Use MQTTX to connect to the EMQX cluster:

```bash
mqttx bench conn -h ${IP} -p ${PORT} -c 3000
[10:05:21 AM] › ℹ  Start the connect benchmarking, connections: 3000, req interval: 10ms
✔  success   [3000/3000] - Connected
[10:06:13 AM] › ℹ  Done, total time: 31.113s
```

### Trigger the upgrade

1. Any modifications made to the Pod template will trigger the upgrade strategy of EMQX Operator.

  In this example, we trigger the upgrade by modifying the Pod's `ImagePullPolicy`.

  ```bash
  $ kubectl patch emqx emqx-ee --type=merge -p '{"spec": {"imagePullPolicy": "Never"}}'
  emqx.apps.emqx.io/emqx-ee patched
  ```

2. Check the status of the upgrade process.

  ```bash
  $ kubectl get emqx emqx-ee -o json | jq ".status.nodeEvacuationsStatus"
  [
    {
      "connection_eviction_rate": 200,
      "node": "emqx-ee@emqx-ee-54fc496fb4-2.emqx-ee-headless.default.svc.cluster.local",
      "session_eviction_rate": 200,
      "session_goal": 0,
      "connection_goal": 22,
      "session_recipients": [
        "emqx-ee@emqx-ee-5d87d4c6bd-2.emqx-ee-headless.default.svc.cluster.local",
        "emqx-ee@emqx-ee-5d87d4c6bd-1.emqx-ee-headless.default.svc.cluster.local",
        "emqx-ee@emqx-ee-5d87d4c6bd-0.emqx-ee-headless.default.svc.cluster.local"
      ],
      "state": "waiting_takeover",
      "stats": {
        "current_connected": 0,
        "current_sessions": 0,
        "initial_connected": 33,
        "initial_sessions": 0
      }
    }
  ]
  ```

  | Field                   | Description                                                           |
  |-------------------------|-----------------------------------------------------------------------|
  | `node`                  | The node currently being evacuated.                                   |
  | `state`                 | Node evacuation phase.                                                |
  | `session_recipients`    | MQTT session recipients.                                              |
  | `session_eviction_rate` | MQTT session eviction rate on this node (sessions per second).        |
  | `connection_eviction_rate`| MQTT connection eviction rate on this node (connections per second).  |
  | `initial_sessions`       | Initial number of sessions on this node.                              |
  | `initial_connected`      | Initial number of connections on this node.                           |
  | `current_sessions`       | Current number of sessions on this node.                              |
  | `current_connected`      | Current number of connections on this node.                           |

3. Wait for the upgrade to complete.

  ```bash
  $ kubectl get emqx
  NAME      STATUS   AGE
  emqx-ee   Ready    8m33s
  ```

  Make sure that the `STATUS` is `Ready`. Depending on the number of MQTT clients and sessions, the upgrade process may take a while.

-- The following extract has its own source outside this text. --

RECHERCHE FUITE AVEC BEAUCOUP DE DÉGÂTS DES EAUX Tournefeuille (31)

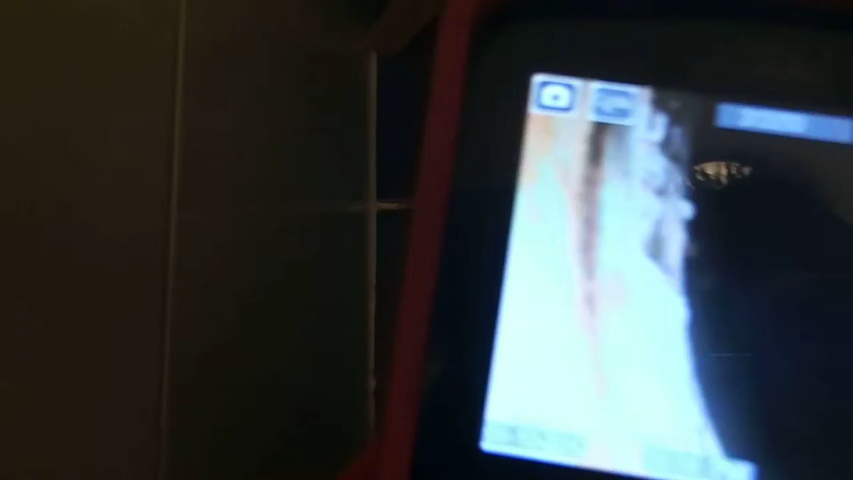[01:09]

  After the upgrade is completed, you can verify that the old EMQX nodes have been deleted using `kubectl get pods`.

## Grafana Monitoring

The following monitoring graph shows the number of connections during the upgrade process, using 10,000 connections as an example.

![](./assets/configure-emqx-blueGreenUpdate/grafana.png)

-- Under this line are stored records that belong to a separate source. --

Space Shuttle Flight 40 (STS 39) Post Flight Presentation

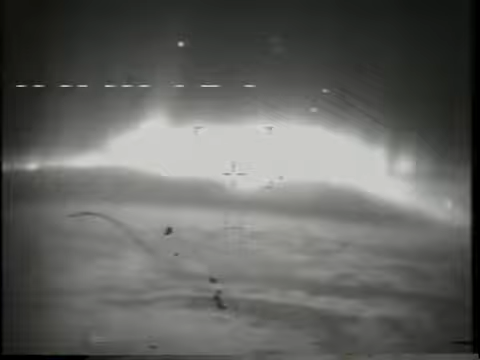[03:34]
this is a shot from the cirrus telescope the low-level light telescope showing the aurora off the south pole we got to some very spectacular shots of the aurora and you can see that there in this shot here off on
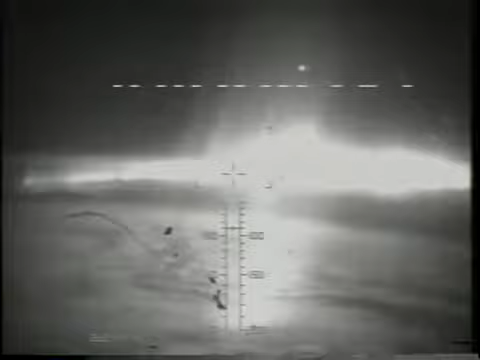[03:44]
the left you can see a little air glow this is another shot once again
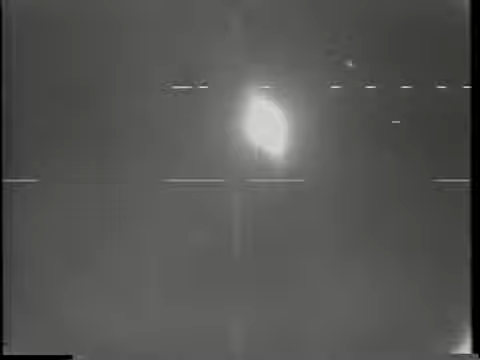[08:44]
in the canister it's a pretty spectacular view we're sorry we don't have color film of this

| Label/Prefix            | Description                                         |
|-------------------------|-----------------------------------------------------|
| Total                   | Total number of connections; shown as the top line in the graph. |
| `emqx-ee-86f864f975`    | Name prefix for the set of 3 old EMQX nodes.    |
| `emqx-ee-648c45c747`    | Name prefix for the set of 3 upgraded EMQX nodes. |

This timeline illustrates how EMQX Operator performs a smooth blue-green upgrade. Throughout the process, the total number of connections remained stable (subject to factors such as migration rate, server capacity, and client reconnection strategy). This approach ensures minimal disruption, prevents server overload, and enhances overall service stability.